We
synthesized a stable and reusable Schiff base complex
of copper
immobilized on core–shell magnetic nanoparticles [Cu(II)-SB/GPTMS@SiO2@Fe3O4] with simple, efficient, and
available materials. A variety of characterization analyses including
Fourier transform infrared (FT-IR), X-ray photoelectron spectroscopy
(XPS), field-emission scanning electron microscopy (FE-SEM), transmission
electron microscopy (TEM), Brunauer–Emmett–Teller (BET),
thermogravimetric analysis (TGA), X-ray diffraction (XRD), vibrating-sample
magnetometry (VSM), energy-dispersive X-ray spectrometry (EDX), and
inductively coupled plasma (ICP) confirm that our synthesized nanocatalyst
was obtained. The particle size distribution from the TEM image was
obtained in the range of 42–55 nm. The existence of cupric
species (Cu2+) in the catalyst was determined with XPS
analysis and clearly indicated two peaks at 933.7 and 953.7 eV for
Cu 2p3/2 and Cu 2p1/2, respectively.
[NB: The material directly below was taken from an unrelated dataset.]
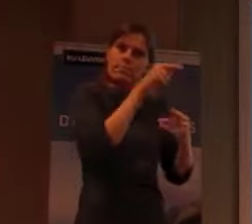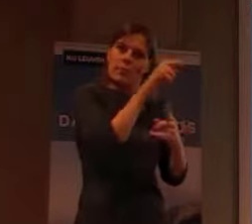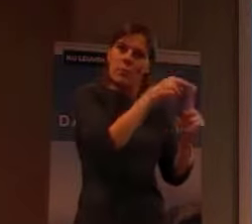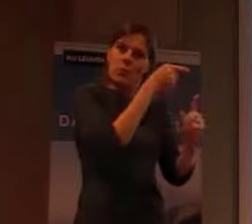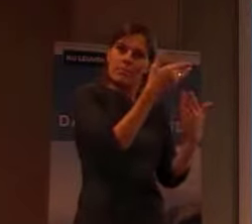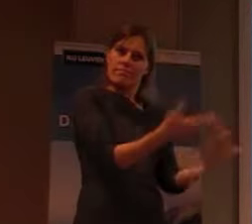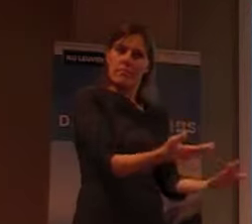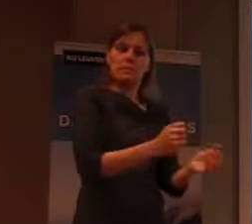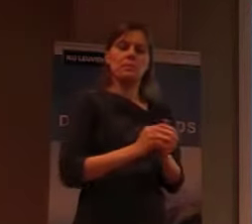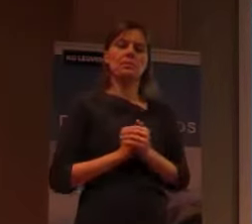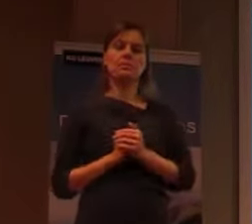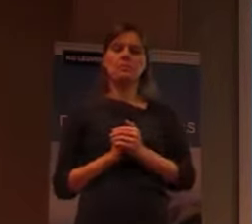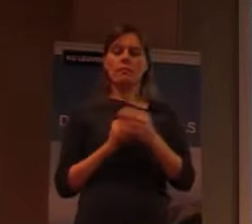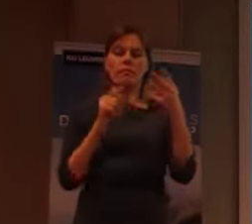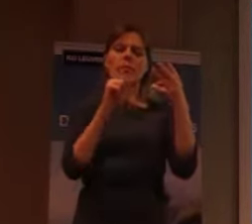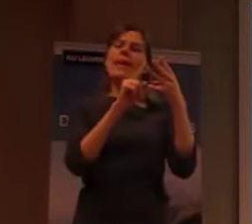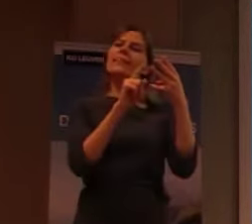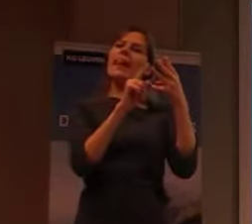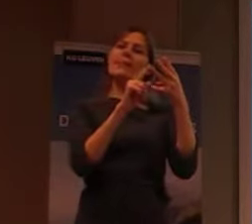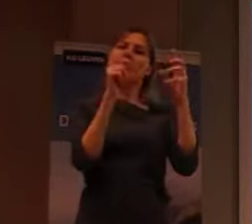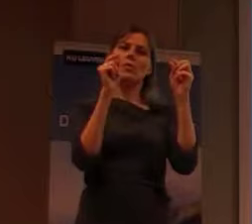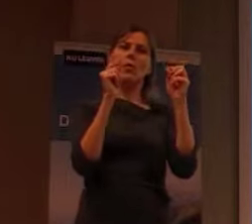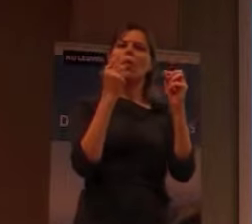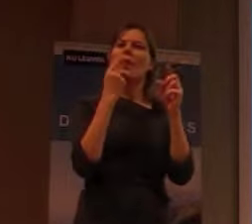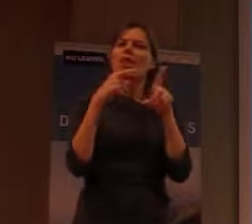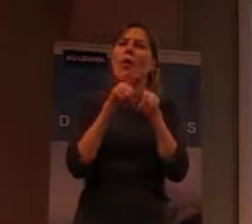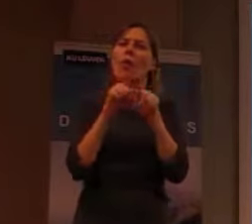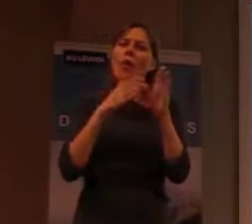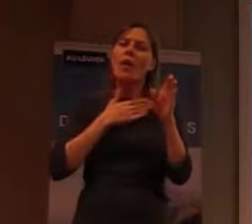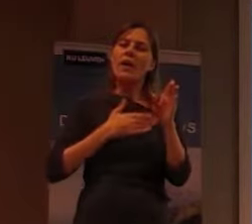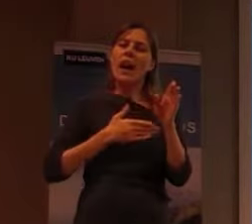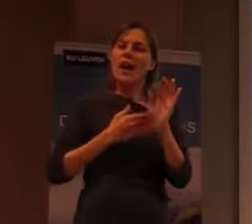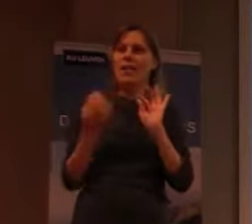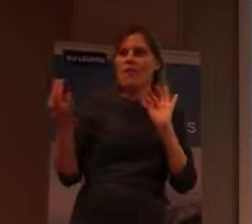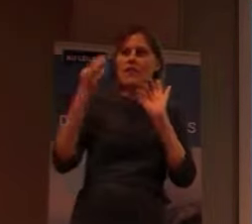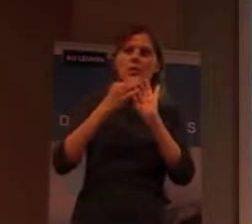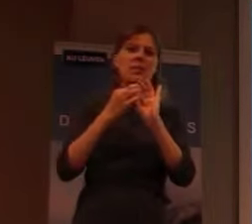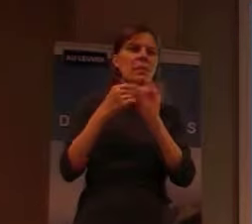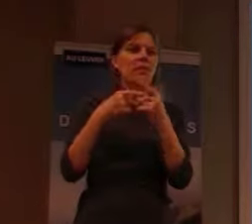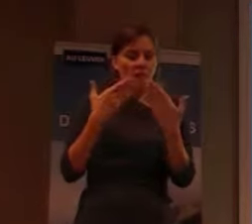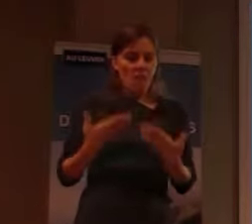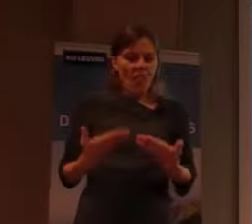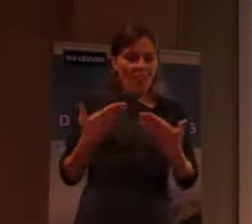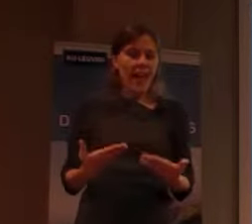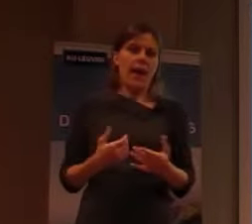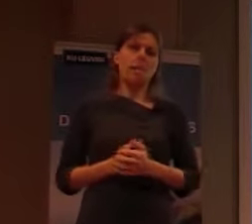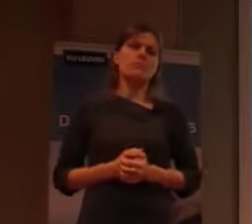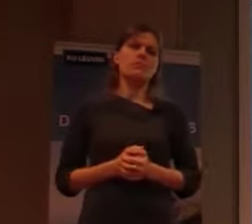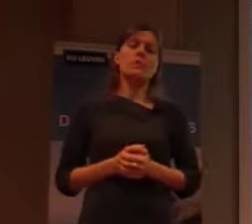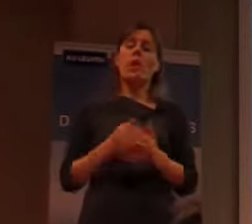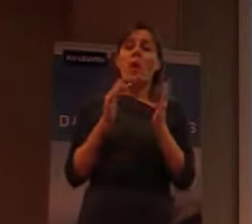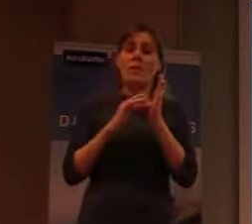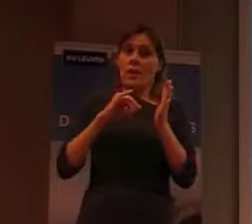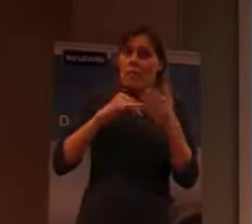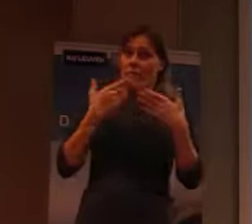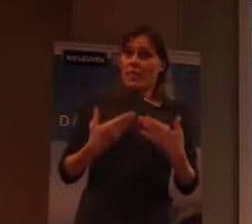En dan ten derde zou ik heel eventjes ook de link willen leggen naar vandaag. Omdat er vandaag ook een problematiek is van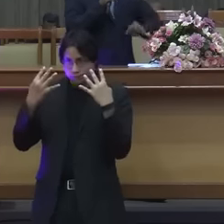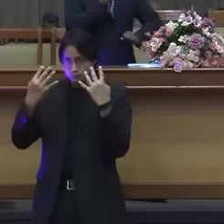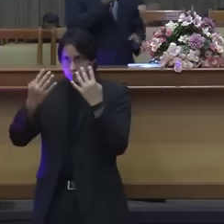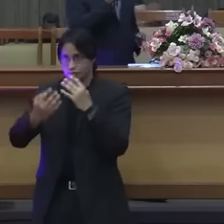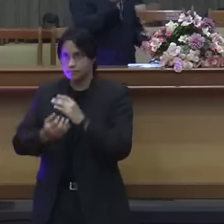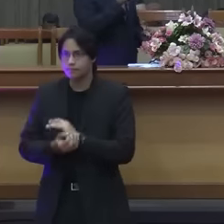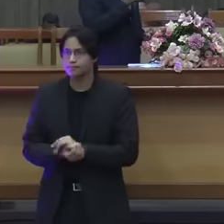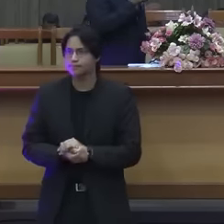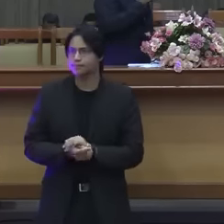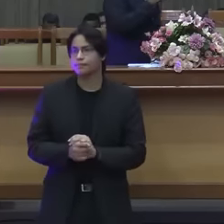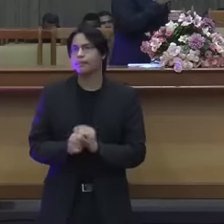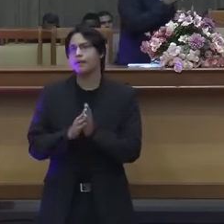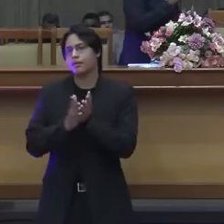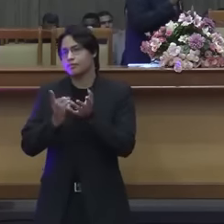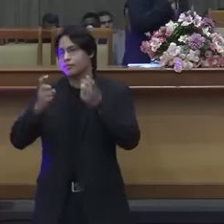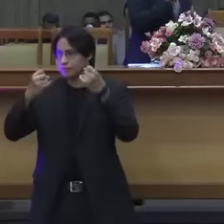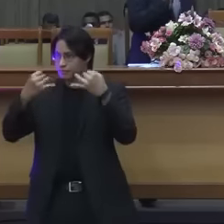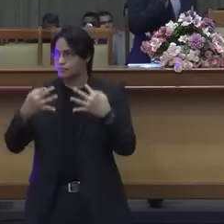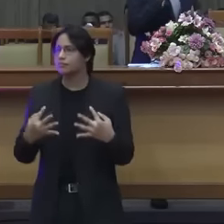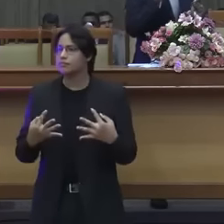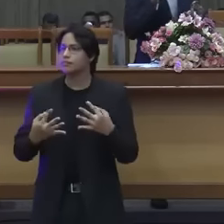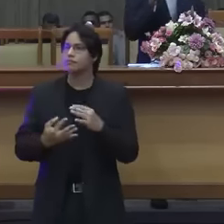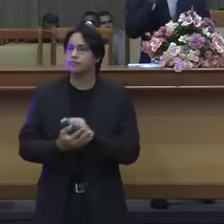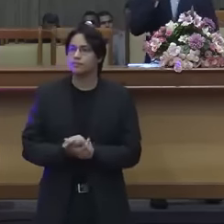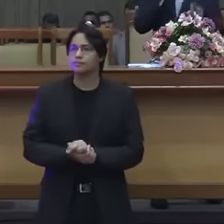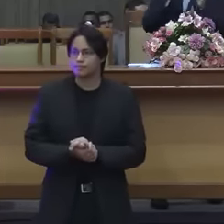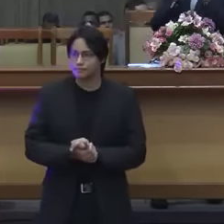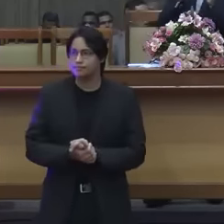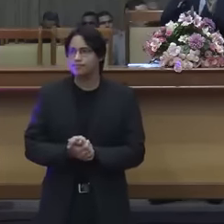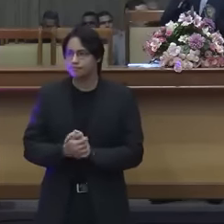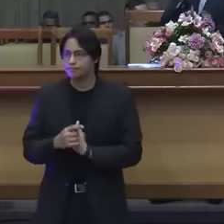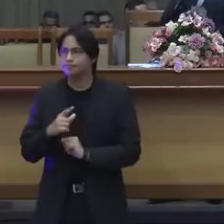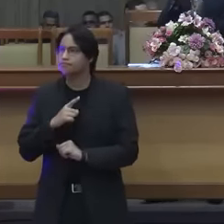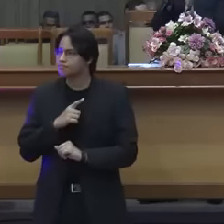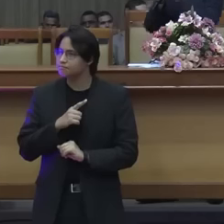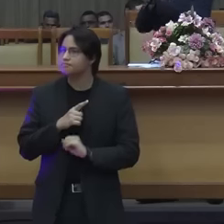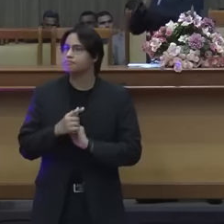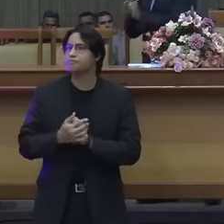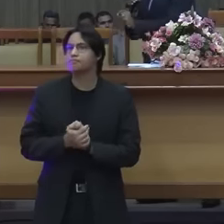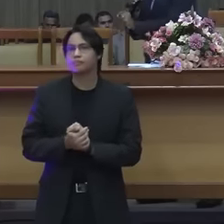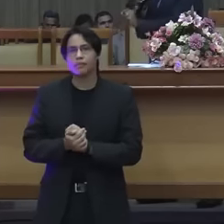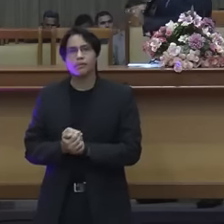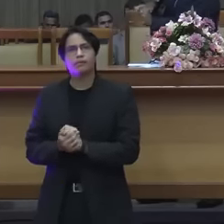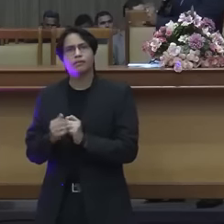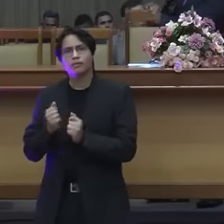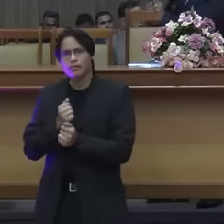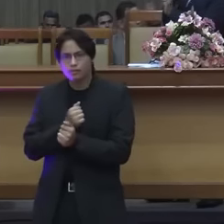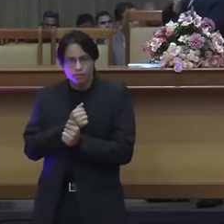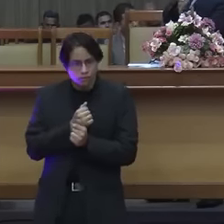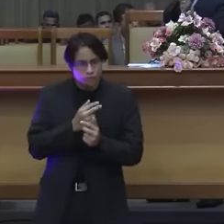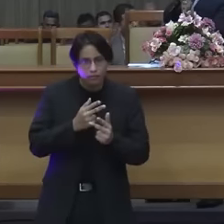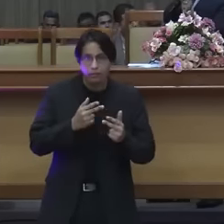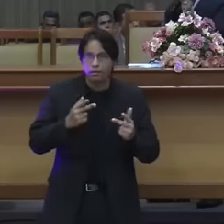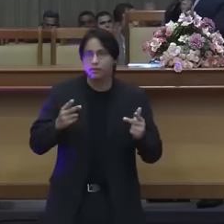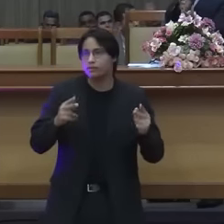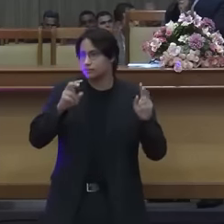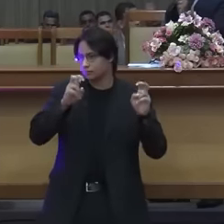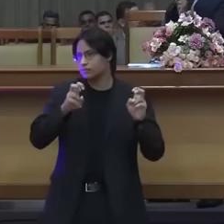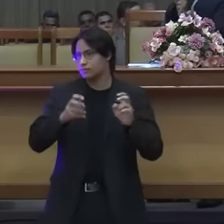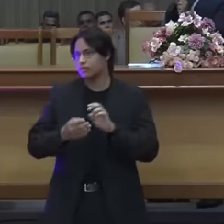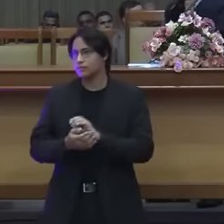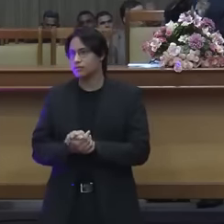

BET results
showed that our catalyst synthesized with a mesoporous structure and
with a specific area of 48.82 m2 g–1.
After detailed characterization, the resulting nanocatalyst exhibited
excellent catalytic performance for the explored catalytic reactions
in the one-pot synthesis of polyhydroquinoline derivatives by the
Hantzsch reaction of dimedone, ethyl acetoacetate, ammonium acetate,
and various aldehydes under sustainable and mild conditions. The corresponding
products 5a–l are achieved in yields
of 88–97%. Additionally, density functional theory (DFT) calculations
were carried out to investigate the electrostatic potential root (ESP),
natural bond orbital (NBO), and molecular orbitals (MOs), drawing
the reaction mechanism using the total energy of the reactant and
product and the study of structural parameters.